_Records from a collection_

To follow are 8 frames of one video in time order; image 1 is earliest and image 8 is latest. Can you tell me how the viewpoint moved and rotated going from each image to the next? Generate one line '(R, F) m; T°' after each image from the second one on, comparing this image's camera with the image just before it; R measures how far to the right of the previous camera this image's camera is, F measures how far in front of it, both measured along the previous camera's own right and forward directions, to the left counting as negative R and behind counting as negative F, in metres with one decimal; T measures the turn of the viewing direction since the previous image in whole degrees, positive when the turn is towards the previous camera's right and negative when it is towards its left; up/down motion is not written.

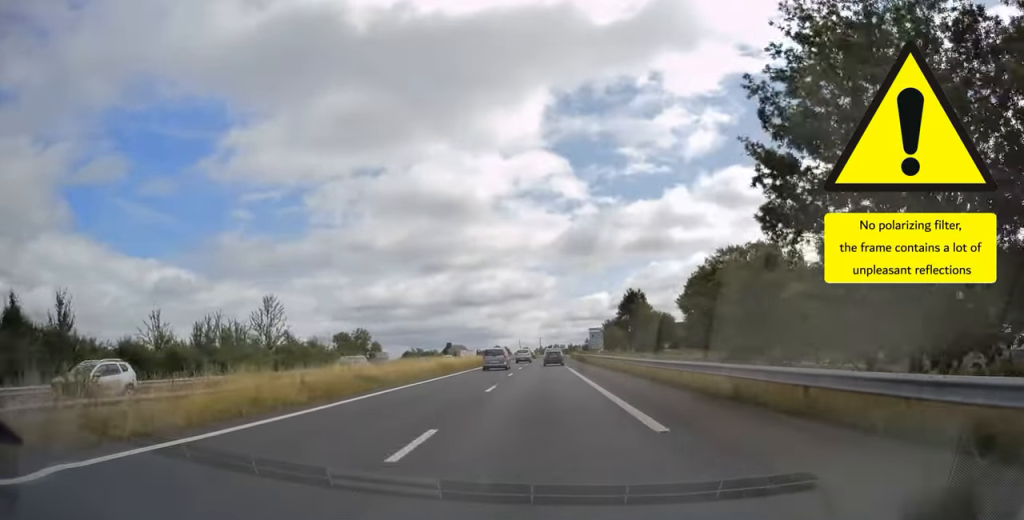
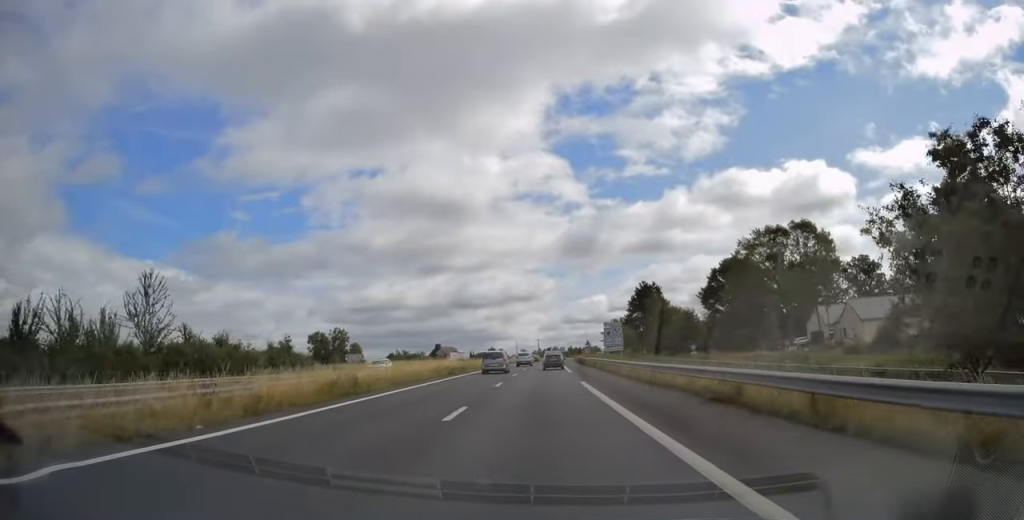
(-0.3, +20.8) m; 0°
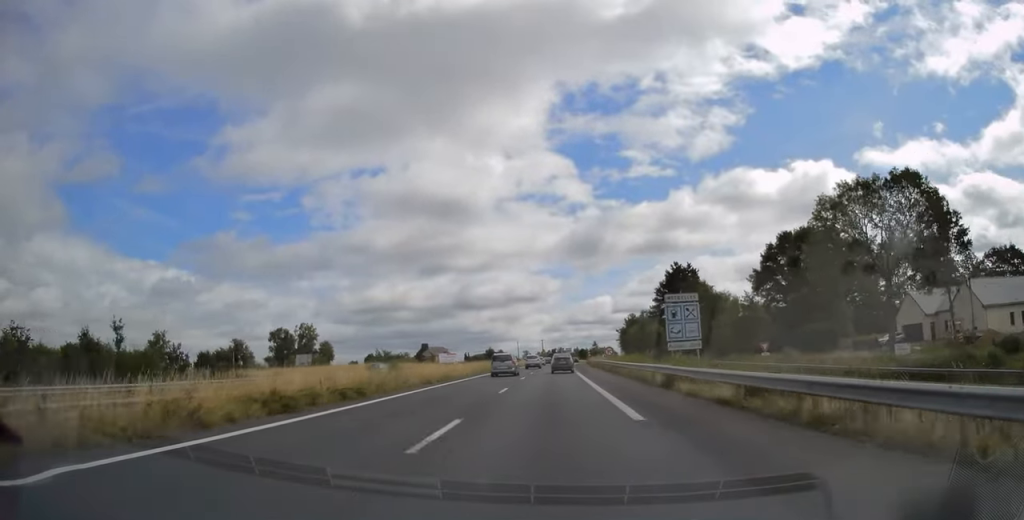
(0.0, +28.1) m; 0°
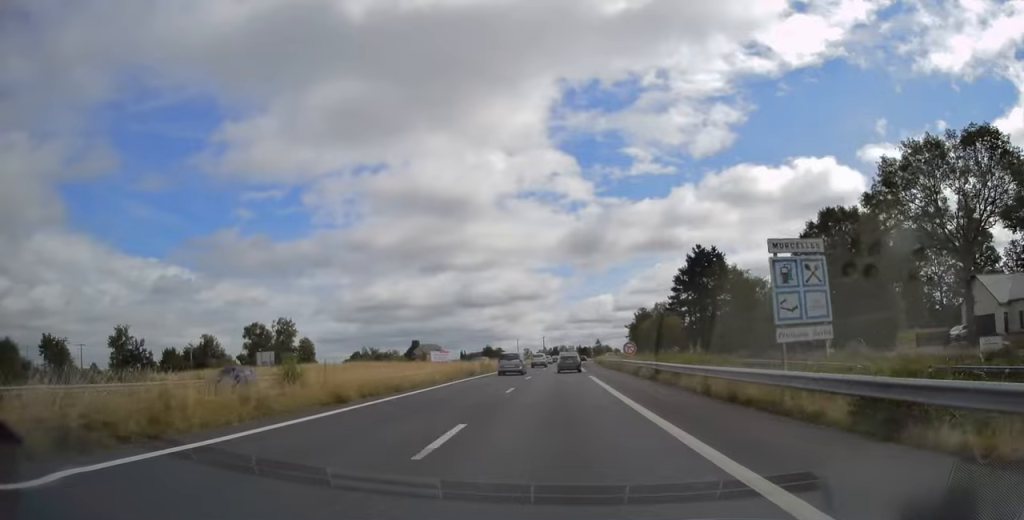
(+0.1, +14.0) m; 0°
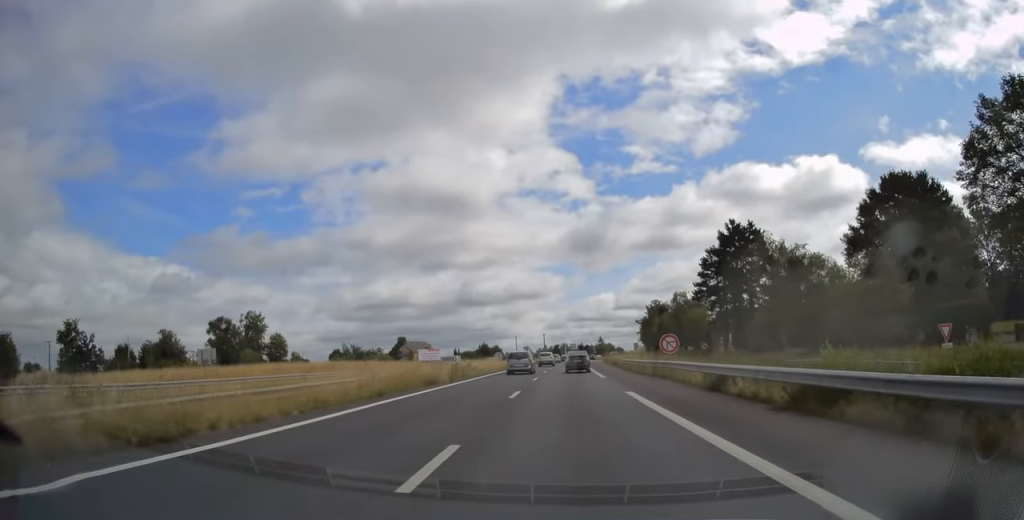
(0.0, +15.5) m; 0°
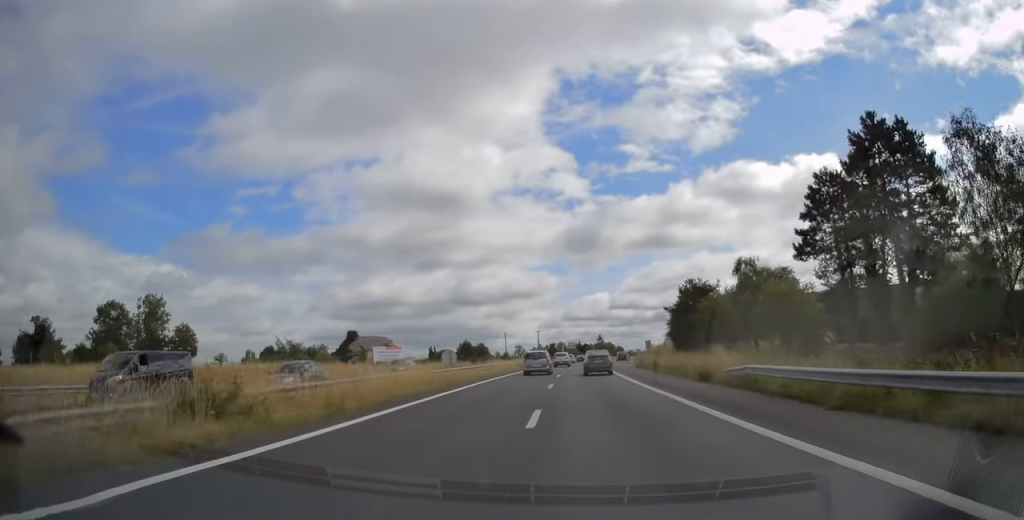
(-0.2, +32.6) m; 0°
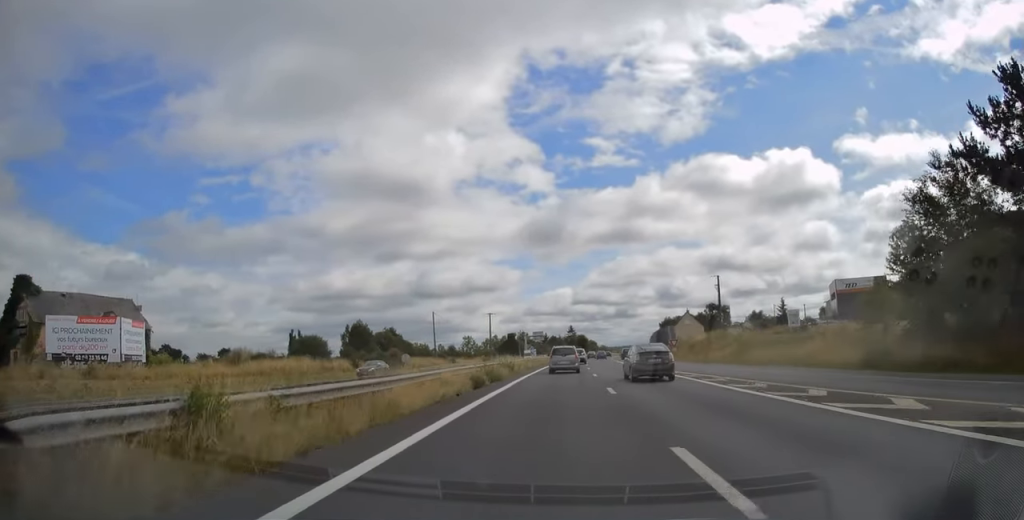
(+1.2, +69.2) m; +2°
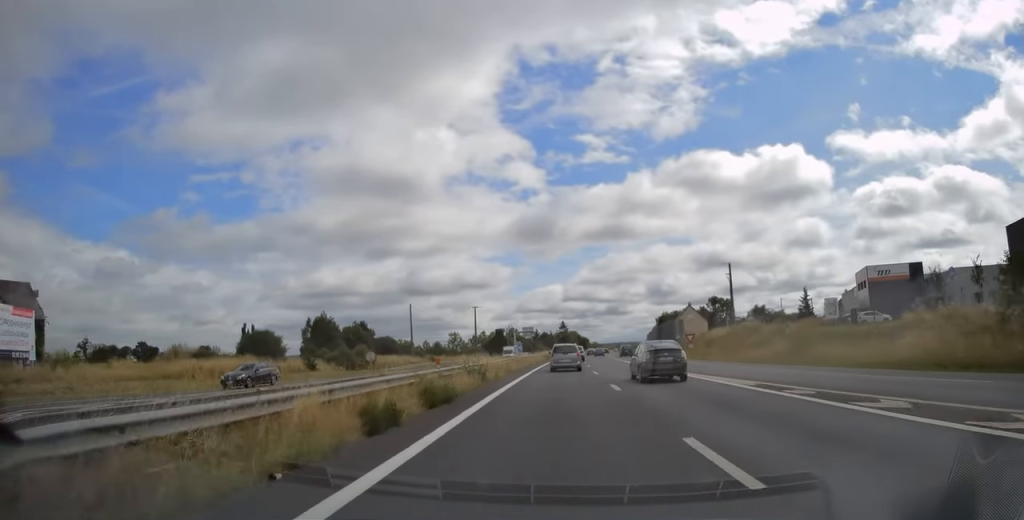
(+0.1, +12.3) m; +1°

_Your goal_
Each entry above needs to be restated without a single word changed; skip the images.

_Result of the task_
To follow are 8 frames of one video in time order; image 1 is earliest and image 8 is latest. Can you tell me how the viewpoint moved and rotated going from each image to the next? Generate one line '(R, F) m; T°' after each image from the second one on, comparing this image's camera with the image just before it; R measures how far to the right of the previous camera this image's camera is, F measures how far in front of it, both measured along the previous camera's own right and forward directions, to the left counting as negative R and behind counting as negative F, in metres with one decimal; T measures the turn of the viewing direction since the previous image in whole degrees, positive when the turn is towards the previous camera's right and negative when it is towards its left; up/down motion is not written.

(-0.3, +20.8) m; 0°
(0.0, +28.1) m; 0°
(+0.1, +14.0) m; 0°
(0.0, +15.5) m; 0°
(-0.2, +32.6) m; 0°
(+1.2, +69.2) m; +2°
(+0.1, +12.3) m; +1°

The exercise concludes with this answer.